▸ **Exercise requirements**: Tell how many lines in the data hold "hardAlpha", giving that figure alone.

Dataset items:

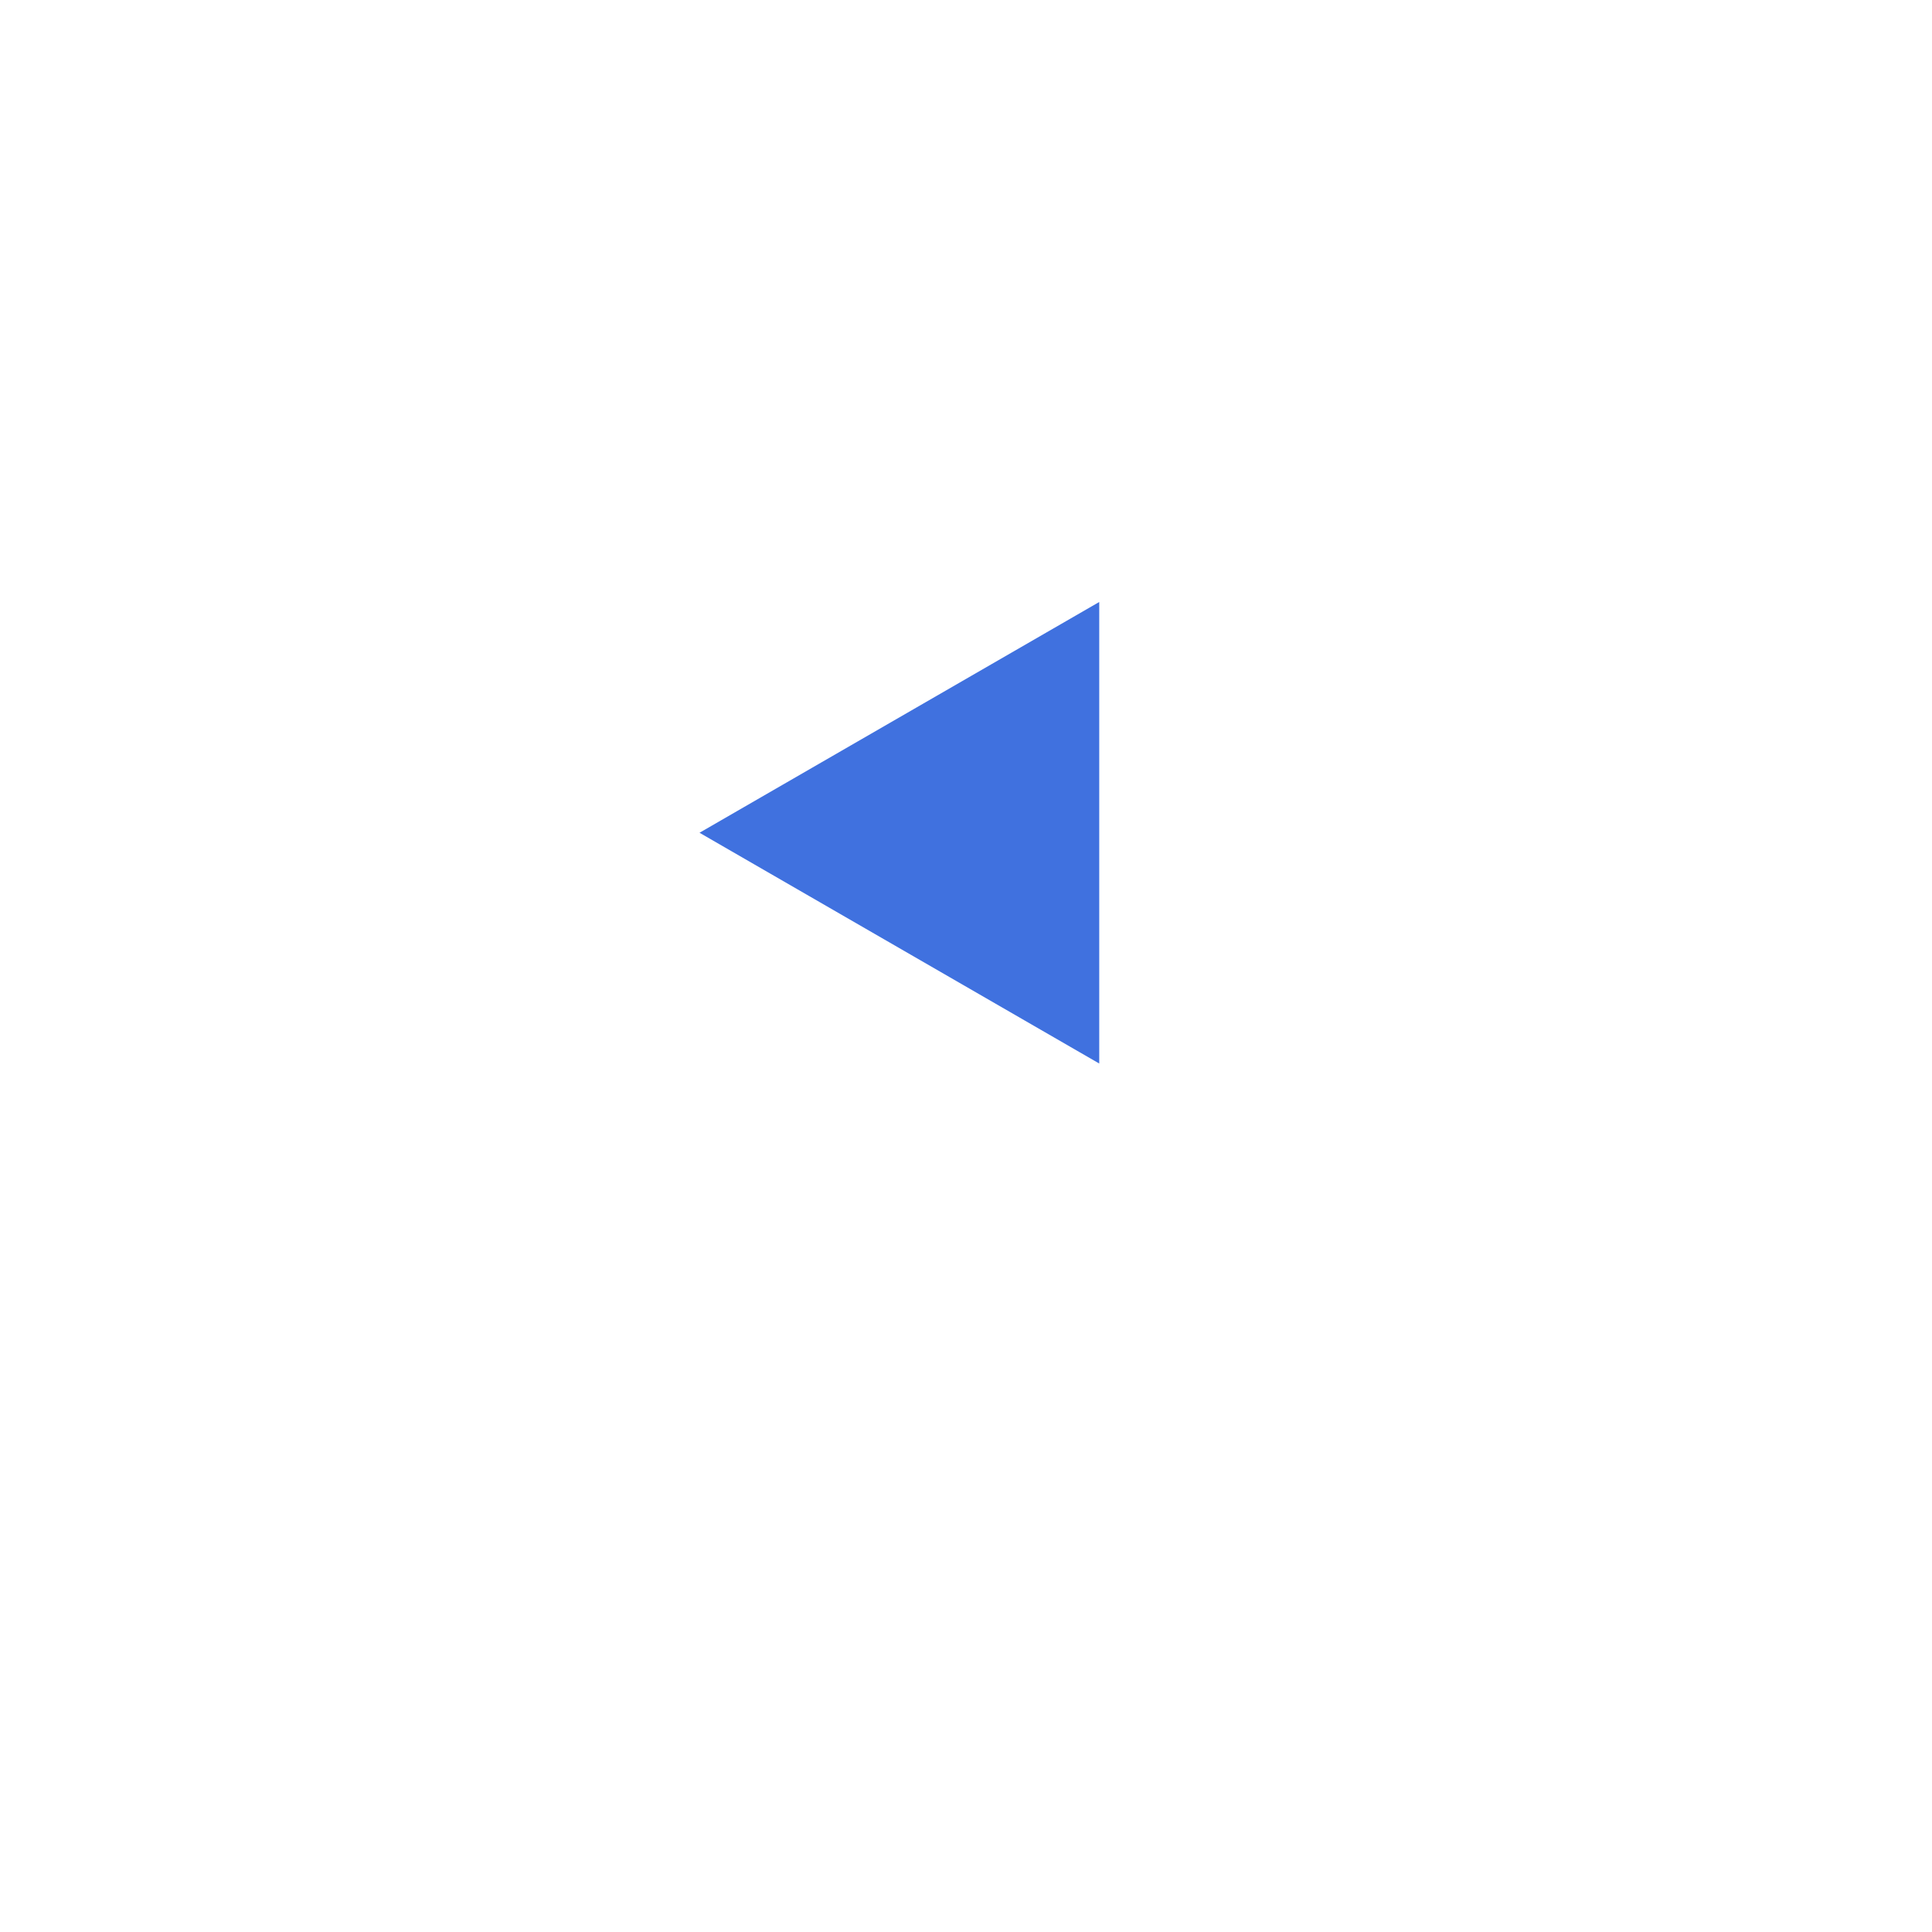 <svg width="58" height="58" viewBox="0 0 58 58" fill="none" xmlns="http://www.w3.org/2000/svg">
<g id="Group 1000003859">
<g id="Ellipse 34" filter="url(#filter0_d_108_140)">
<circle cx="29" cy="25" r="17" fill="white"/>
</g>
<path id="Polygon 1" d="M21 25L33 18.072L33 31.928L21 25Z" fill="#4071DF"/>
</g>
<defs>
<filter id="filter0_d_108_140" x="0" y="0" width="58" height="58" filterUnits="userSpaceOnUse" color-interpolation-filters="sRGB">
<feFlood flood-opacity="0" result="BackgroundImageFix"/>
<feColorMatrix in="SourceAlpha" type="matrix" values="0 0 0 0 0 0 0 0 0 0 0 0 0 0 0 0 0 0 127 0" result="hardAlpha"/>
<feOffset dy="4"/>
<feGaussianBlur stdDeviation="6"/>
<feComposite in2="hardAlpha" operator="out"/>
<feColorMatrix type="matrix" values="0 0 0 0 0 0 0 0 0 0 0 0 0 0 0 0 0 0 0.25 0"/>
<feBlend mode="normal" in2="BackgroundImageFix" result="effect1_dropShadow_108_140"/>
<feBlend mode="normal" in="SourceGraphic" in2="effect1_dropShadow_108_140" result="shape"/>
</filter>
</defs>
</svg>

▸ **Output below**: 2